如本文所用,所述的“海洋弧菌”是能以褐藻胶为碳源,在褐藻胶诱导的情况下产生褐藻胶裂解酶的菌;例如选自:海洋弧菌Vibrio sp.QY102,海洋弧菌Vibrio sp.QY101,海洋弧菌Vibrio sp.QY103。所述的海洋弧菌产的褐藻胶裂解酶AlyVIII是一种诱导酶。褐藻胶既可以作为其生长的底物也可以作为其产酶的诱导物。本发明人在深入研究后发现,对于这类海洋弧菌来说,褐藻胶作为碳源相对淀粉来说更易被利用,淀粉也不会阻遏酶表达,在培养基中预加淀粉可以延迟菌体进入衰亡期从而延长菌体的产酶期,并且由于其代谢缓慢而延缓发酵液pH的上升,更有利于菌体生长。因此,本发明人采用以下策略来优化菌体产酶:以淀粉为基础碳源支持菌体的生长,待菌体进入对数生长期末期时,菌体浓度已达到一个较高水平(OD600约为4.0),且菌体活性未出现明显下降,于此开始添加褐藻胶诱导菌体产酶。结果发现,与普通分批发酵相比,酶产量有很大提高。
培养基
本发明人优化了用于海洋弧菌发酵的培养基,所述的培养基中包含可溶性淀粉、蛋白胨、酵母提取物、磷酸二氢钾、七水硫酸镁和氯化钠。

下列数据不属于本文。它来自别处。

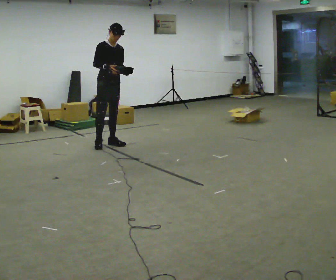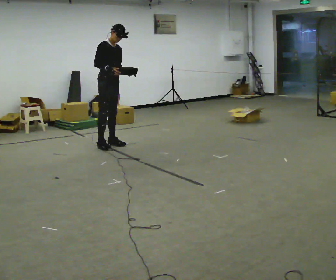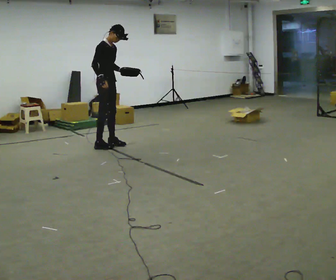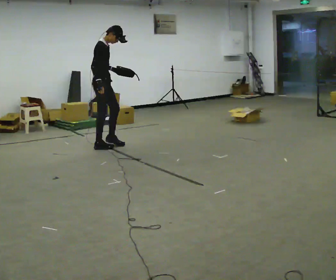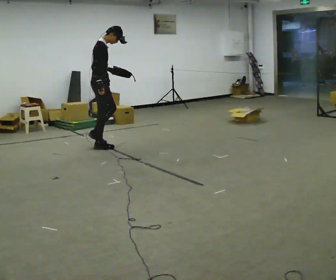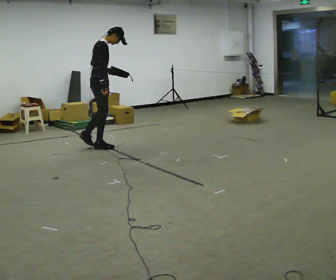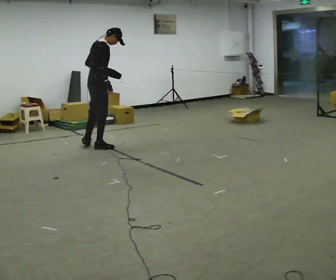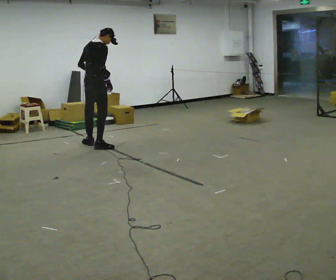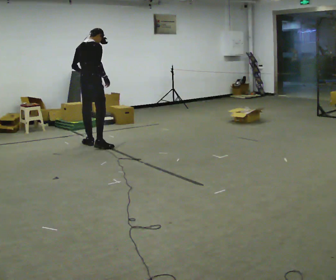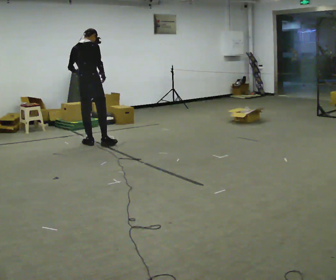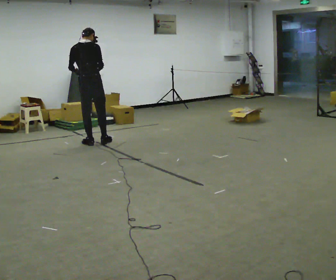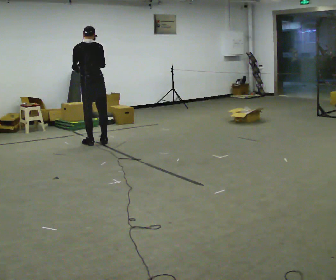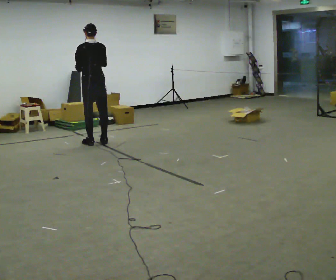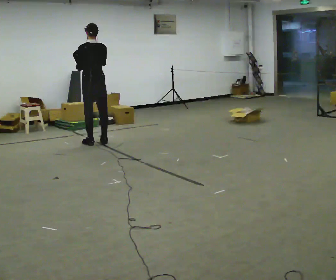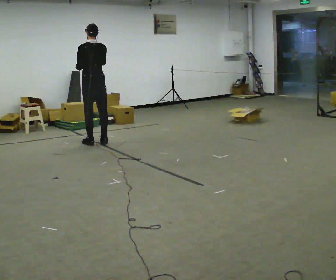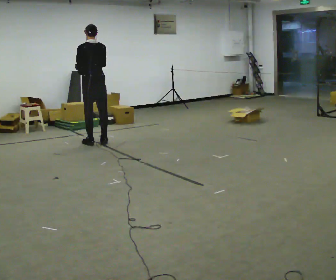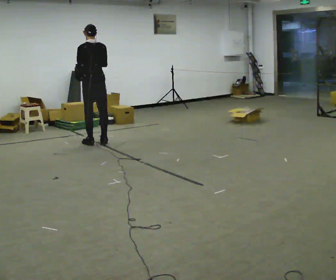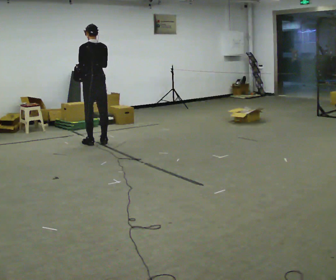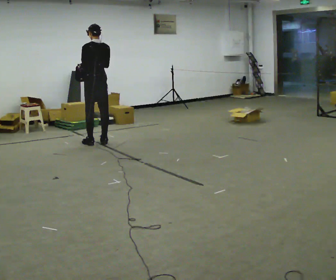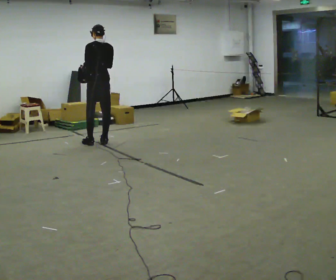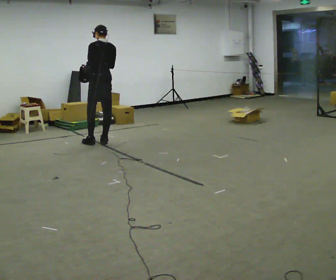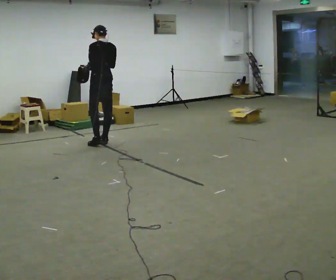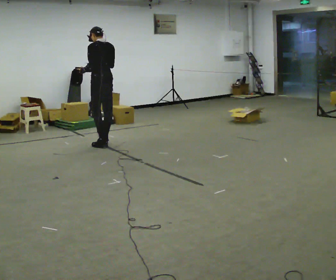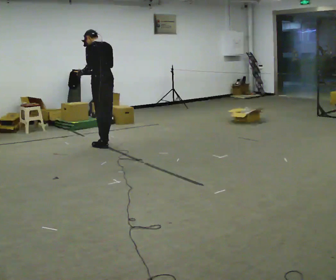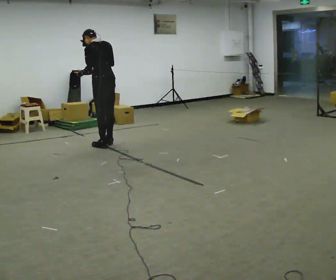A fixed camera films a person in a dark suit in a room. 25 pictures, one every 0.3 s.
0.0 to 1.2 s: Seen from above the body turns counterclockwise, about 60 degrees: to their left, with its near side sliding to the right. In the picture they go toward the camera and to the left, about 0.25 m in 1 step, which for them is to their right.
1.2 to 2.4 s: The person turns about 60 degrees to their left, counterclockwise seen from above, so the part of the body nearest the lens slides to the right. The upper body tips away from the camera, its near side rolling upward.
2.4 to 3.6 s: Seen from above the body turns counterclockwise, about 45 degrees: to their left, with its near side sliding to the right. In the picture they go away from the camera, about 0.25 m in 1 step, which for them is forward.
3.6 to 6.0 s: The person moves a little, or ends about where they began.
6.0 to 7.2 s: In the picture they go toward the camera, about 0.25 m in 2 steps, which for them is backward. In the picture the upper body tilts counterclockwise, shoulders to the left.
The film runs backward here.

作为本发明的优选方式,用于配制本发明的培养基的各组分的用量如表1所示。
表1
| 含量 | 优选量 | 更优选量 | 最优选量 | |
| 可溶性淀粉 | 3-7g/L | 4-6g/L | 4.5-5.5g/L | 5g/L |
| 蛋白胨 | 2-6g/L | 3-5.5g/L | 4-5g/L | 4.7g/L |
| 酵母提取物 | 1-6g/L | 1.5-4g/L | 1.8-3g/L | 2g/L |
| 磷酸二氢钾 | 1-3g/L | 1.5-2.5g/L | 1.5-2g/L | 1.7g/L |
| 七水硫酸镁 | 0.06-0.20g/L | 0.08-0.15g/L | 0.08-0.12g/L | 0.1g/L |
| 氯化钠 | 20-50g/L | 30-50g/L | 40-45/L | 42g/L |
上述配方的营养成分溶于水,较佳地为去离子水中,从而为海洋弧菌提供适宜的生长环境。较佳地,先将可溶性淀粉用水进行糊化处理,再与其它组分混合于水中。

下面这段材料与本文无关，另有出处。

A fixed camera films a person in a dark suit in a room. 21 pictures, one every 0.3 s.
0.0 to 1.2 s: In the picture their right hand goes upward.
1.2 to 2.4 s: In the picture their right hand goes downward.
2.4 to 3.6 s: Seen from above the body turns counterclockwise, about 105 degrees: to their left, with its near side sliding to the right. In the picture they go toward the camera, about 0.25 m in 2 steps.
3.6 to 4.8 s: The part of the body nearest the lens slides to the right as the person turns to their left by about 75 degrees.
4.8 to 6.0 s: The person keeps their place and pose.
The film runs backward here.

当水温高于53℃时,淀粉的物理性能发生明显变化。淀粉在高温下溶胀、分裂形成均匀糊状溶液的特性,称为淀粉的糊化。淀粉的糊化处理是本领域公知的技术。
经本发明人优化后的培养基配方,它含有足够且合理的营养成份,有利于海洋弧菌的生长及大量生产褐藻胶裂解酶。
本发明的培养基还具有原料易得、成本低、制备方法简单的优点。
培养方法
为了克服现有褐藻胶裂解酶发酵产量低的缺点,提供一种适合大规模发酵的新型发酵工艺,为褐藻胶裂解酶的大规模制备及应用奠定基础。本发明的方法是建立在碳源代谢研究的基础上开发出的简单实用高效的工艺。

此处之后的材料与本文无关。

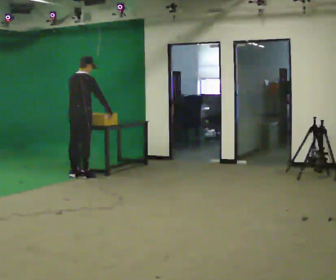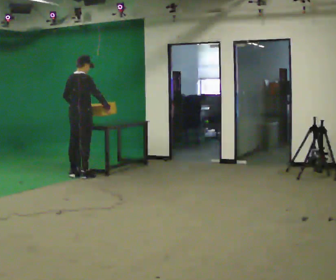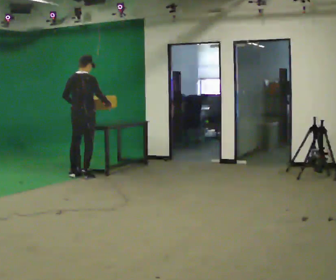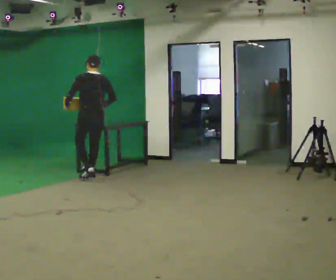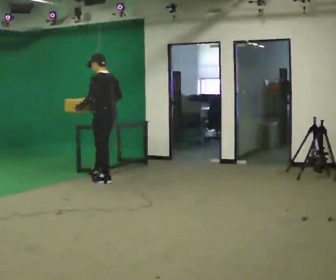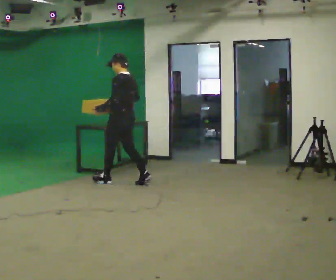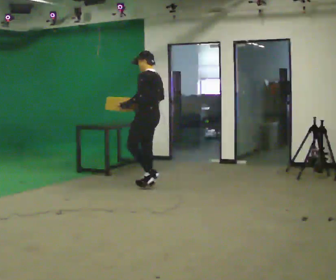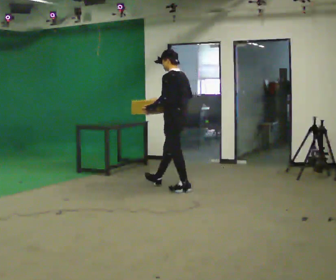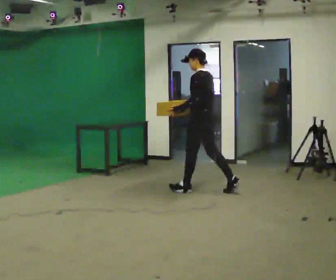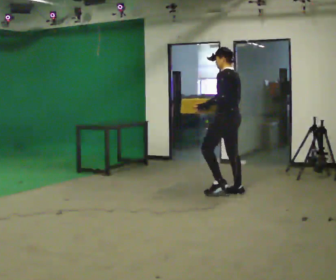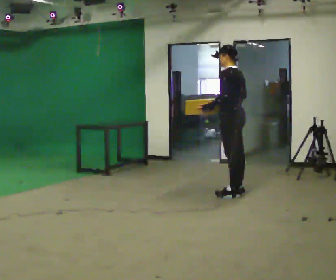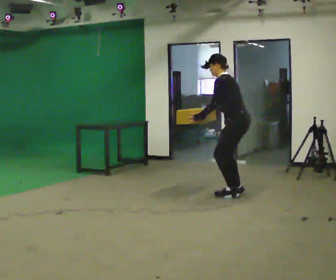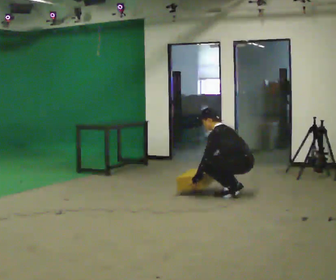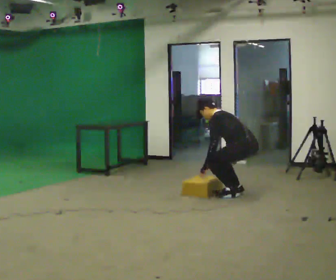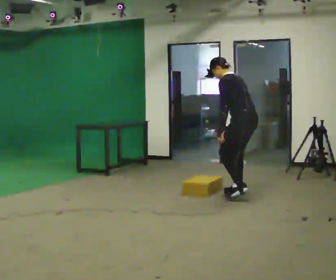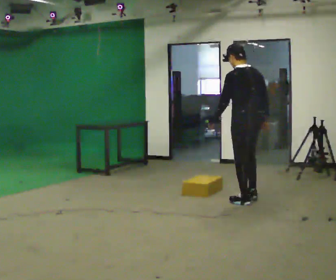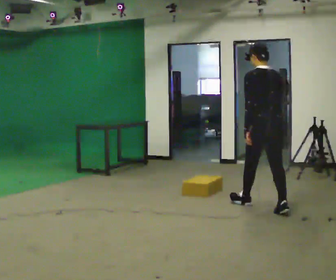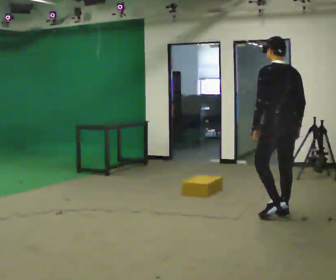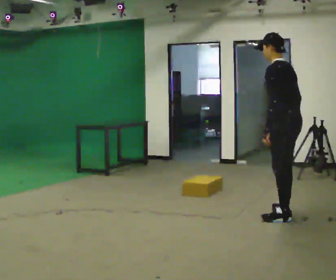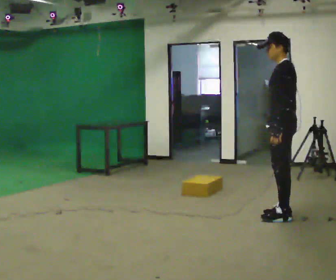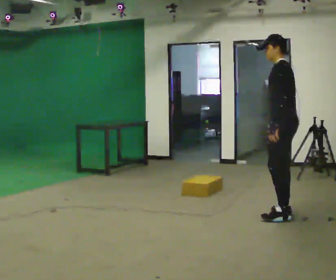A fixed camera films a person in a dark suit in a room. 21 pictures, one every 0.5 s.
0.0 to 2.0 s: The person turns about 90 degrees to their left, counterclockwise seen from above, so the part of the body nearest the lens slides to the right. In the picture they go to the right and toward the camera, about 0.5 m in 2 steps.
2.0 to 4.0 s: In the picture they go to the right, about 1.5 m in 2 steps, which for them is backward.
4.0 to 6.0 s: In the picture they go to the right, about 0.5 m in 1 step, which for them is backward. The shoulders move downward. In the picture the upper body tilts counterclockwise, shoulders to the left, as they bend forward. In the picture their right hand goes downward.
6.0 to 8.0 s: The part of the body nearest the lens slides to the left as the person turns to their right by about 45 degrees. In the picture they go toward the camera, about 0.5 m in 2 steps, which for them is backward and to their left. The shoulders move upward. In the picture their right hand goes upward.
8.0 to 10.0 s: The person turns about 60 degrees to their left, counterclockwise seen from above, so the part of the body nearest the lens slides to the right. In the picture they go toward the camera and to the right, about 0.25 m in 1 step.
The film runs backward here.

本发明提供了一种用于海洋弧菌生产褐藻胶裂解酶的新型发酵工艺,其工艺包括步骤:将海洋弧菌接种到以淀粉为碳源的培养基中培养,待海洋弧菌生长到对数生长期末期时,每1-6小时添加褐藻胶0.2-6g/L,诱导海洋弧菌生产褐藻胶裂解酶,至发酵结束。
用于接种的海洋弧菌的种子液可以采用现有技术的种子液,或可根据现有技术进行制备。作为本发明的优选方式,用于接种的海洋弧菌的种子液如下制备:挑取单菌落接种于所述培养基培养10~20h获得适当浓度为OD600为1.5~2.5的种子液,取所述种子液按照3~10%的接种量接入发酵罐中进行发酵培养。更佳地,从平板中挑取单菌落接种于所述培养基中,在30℃,175r/min下摇床培养12h,得到菌体浓度OD600约为2.0的种子液,按照5%的接种量接入发酵罐中。
本发明的方法中,采用可溶性淀粉为基础碳源,其好处在于能延长菌体的产酶期,抑制发酵过程pH过快上升而带来的不利。因此,在初始pH控制为4~6,之后的整个发酵过程无需再控制pH值,这大大简化了发酵操作流程。更佳地,发酵初始用盐酸调节发酵液pH为5.0,发酵过程不控制pH;所述分批发酵培养是在30℃,350rpm,通气1vvm下。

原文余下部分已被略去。